PROBLEM STATEMENT: Using the material that follows, output exactly the lines from the one containing "The camera pans. From" through the one containing "A phone on a person's head", with both ends kept.

DATA FOR THE TASK:
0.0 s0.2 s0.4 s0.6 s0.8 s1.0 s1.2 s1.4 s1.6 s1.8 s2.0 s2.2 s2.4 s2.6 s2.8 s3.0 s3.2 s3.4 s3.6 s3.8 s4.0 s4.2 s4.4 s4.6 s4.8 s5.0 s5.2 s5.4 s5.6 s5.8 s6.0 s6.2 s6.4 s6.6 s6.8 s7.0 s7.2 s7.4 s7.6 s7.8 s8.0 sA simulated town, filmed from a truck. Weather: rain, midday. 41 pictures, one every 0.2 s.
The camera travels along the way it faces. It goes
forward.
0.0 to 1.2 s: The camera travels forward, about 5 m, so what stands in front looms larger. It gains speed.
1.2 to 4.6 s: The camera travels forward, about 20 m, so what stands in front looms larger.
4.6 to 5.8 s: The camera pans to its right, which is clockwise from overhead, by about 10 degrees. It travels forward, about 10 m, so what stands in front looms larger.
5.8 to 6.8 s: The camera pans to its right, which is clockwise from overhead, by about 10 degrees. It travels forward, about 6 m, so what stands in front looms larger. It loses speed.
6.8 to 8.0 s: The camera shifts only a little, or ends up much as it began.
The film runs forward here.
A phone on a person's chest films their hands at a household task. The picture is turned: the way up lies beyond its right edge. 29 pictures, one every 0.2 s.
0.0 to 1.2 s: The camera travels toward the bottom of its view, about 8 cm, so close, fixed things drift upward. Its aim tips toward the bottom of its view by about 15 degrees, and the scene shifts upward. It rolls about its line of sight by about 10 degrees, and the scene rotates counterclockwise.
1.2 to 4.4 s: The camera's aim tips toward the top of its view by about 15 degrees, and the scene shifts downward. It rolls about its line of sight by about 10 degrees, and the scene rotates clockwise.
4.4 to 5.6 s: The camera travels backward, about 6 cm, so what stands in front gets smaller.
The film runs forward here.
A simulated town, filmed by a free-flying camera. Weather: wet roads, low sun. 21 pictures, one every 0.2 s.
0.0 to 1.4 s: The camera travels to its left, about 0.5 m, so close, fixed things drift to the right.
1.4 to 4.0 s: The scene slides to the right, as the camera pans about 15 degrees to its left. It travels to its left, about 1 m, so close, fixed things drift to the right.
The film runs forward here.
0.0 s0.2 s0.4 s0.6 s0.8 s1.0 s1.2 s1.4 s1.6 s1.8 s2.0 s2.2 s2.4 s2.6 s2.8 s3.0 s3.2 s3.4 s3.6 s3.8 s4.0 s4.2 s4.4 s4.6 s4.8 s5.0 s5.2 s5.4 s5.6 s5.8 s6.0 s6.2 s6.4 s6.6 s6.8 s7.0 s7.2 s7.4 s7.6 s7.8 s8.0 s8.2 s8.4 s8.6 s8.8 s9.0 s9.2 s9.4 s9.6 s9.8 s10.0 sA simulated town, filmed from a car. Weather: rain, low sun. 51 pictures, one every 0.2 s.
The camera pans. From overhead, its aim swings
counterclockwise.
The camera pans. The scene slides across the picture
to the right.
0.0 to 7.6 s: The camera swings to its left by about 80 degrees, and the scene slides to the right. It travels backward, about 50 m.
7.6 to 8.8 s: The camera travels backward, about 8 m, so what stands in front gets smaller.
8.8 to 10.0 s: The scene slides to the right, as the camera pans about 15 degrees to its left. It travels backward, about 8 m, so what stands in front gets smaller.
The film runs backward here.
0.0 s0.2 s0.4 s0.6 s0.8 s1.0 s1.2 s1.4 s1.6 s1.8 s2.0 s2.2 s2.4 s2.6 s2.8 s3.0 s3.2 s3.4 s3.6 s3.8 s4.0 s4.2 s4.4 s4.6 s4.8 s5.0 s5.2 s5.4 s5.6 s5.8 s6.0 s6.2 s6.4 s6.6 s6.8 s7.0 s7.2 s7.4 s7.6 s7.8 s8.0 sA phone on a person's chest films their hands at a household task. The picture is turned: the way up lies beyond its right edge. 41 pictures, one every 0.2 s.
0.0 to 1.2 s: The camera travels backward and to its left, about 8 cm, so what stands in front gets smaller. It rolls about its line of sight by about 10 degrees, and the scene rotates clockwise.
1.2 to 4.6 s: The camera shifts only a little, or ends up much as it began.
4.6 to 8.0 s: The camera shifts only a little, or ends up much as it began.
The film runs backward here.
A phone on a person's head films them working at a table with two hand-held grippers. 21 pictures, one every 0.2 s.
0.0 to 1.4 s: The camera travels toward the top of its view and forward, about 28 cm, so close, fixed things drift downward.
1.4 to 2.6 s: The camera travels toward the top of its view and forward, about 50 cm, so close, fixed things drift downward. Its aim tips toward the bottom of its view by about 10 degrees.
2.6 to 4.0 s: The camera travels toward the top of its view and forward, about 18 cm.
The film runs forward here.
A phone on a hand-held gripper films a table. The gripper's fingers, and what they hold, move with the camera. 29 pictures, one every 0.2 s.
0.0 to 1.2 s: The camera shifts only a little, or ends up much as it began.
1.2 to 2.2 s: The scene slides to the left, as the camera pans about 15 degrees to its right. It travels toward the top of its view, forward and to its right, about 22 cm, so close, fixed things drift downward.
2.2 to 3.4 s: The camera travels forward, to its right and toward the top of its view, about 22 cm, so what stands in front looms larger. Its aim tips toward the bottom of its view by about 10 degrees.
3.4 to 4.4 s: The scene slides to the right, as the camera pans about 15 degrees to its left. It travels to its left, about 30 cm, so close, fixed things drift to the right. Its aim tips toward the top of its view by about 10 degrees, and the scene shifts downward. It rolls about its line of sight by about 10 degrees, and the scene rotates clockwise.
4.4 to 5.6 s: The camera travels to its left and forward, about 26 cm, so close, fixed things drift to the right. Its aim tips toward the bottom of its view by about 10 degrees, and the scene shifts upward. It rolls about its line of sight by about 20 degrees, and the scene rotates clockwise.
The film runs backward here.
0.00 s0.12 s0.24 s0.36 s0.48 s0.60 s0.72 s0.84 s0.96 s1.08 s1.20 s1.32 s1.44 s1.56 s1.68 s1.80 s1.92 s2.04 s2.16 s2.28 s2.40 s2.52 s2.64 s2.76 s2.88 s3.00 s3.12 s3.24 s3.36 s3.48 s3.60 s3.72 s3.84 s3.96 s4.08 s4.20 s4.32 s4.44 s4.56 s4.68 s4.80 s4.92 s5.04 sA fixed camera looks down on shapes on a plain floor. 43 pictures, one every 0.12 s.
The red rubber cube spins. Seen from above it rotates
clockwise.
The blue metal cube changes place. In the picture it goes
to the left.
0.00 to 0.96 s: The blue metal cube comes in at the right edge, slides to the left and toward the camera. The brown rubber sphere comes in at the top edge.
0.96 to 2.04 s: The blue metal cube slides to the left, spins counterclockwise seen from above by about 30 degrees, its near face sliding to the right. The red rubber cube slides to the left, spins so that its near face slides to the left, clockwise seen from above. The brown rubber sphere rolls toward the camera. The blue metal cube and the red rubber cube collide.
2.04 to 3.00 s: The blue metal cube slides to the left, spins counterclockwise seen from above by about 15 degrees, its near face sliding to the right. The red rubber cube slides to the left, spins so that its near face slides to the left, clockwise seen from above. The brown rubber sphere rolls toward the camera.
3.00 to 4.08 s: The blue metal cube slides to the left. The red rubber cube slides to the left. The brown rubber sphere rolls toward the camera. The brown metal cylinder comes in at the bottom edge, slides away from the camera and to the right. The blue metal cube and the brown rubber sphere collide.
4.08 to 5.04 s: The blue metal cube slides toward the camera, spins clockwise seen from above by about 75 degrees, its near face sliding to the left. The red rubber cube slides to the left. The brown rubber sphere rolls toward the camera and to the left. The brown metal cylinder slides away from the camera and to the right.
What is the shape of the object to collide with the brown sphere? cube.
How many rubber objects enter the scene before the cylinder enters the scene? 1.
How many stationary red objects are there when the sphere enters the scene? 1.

RESPONSE BOX:
The camera pans. From overhead, its aim swings
counterclockwise.
The camera pans. The scene slides across the picture
to the right.
0.0 to 7.6 s: The camera swings to its left by about 80 degrees, and the scene slides to the right. It travels backward, about 50 m.
7.6 to 8.8 s: The camera travels backward, about 8 m, so what stands in front gets smaller.
8.8 to 10.0 s: The scene slides to the right, as the camera pans about 15 degrees to its left. It travels backward, about 8 m, so what stands in front gets smaller.
The film runs backward here.
0.0 s0.2 s0.4 s0.6 s0.8 s1.0 s1.2 s1.4 s1.6 s1.8 s2.0 s2.2 s2.4 s2.6 s2.8 s3.0 s3.2 s3.4 s3.6 s3.8 s4.0 s4.2 s4.4 s4.6 s4.8 s5.0 s5.2 s5.4 s5.6 s5.8 s6.0 s6.2 s6.4 s6.6 s6.8 s7.0 s7.2 s7.4 s7.6 s7.8 s8.0 sA phone on a person's chest films their hands at a household task. The picture is turned: the way up lies beyond its right edge. 41 pictures, one every 0.2 s.
0.0 to 1.2 s: The camera travels backward and to its left, about 8 cm, so what stands in front gets smaller. It rolls about its line of sight by about 10 degrees, and the scene rotates clockwise.
1.2 to 4.6 s: The camera shifts only a little, or ends up much as it began.
4.6 to 8.0 s: The camera shifts only a little, or ends up much as it began.
The film runs backward here.
A phone on a person's head films them working at a table with two hand-held grippers. 21 pictures, one every 0.2 s.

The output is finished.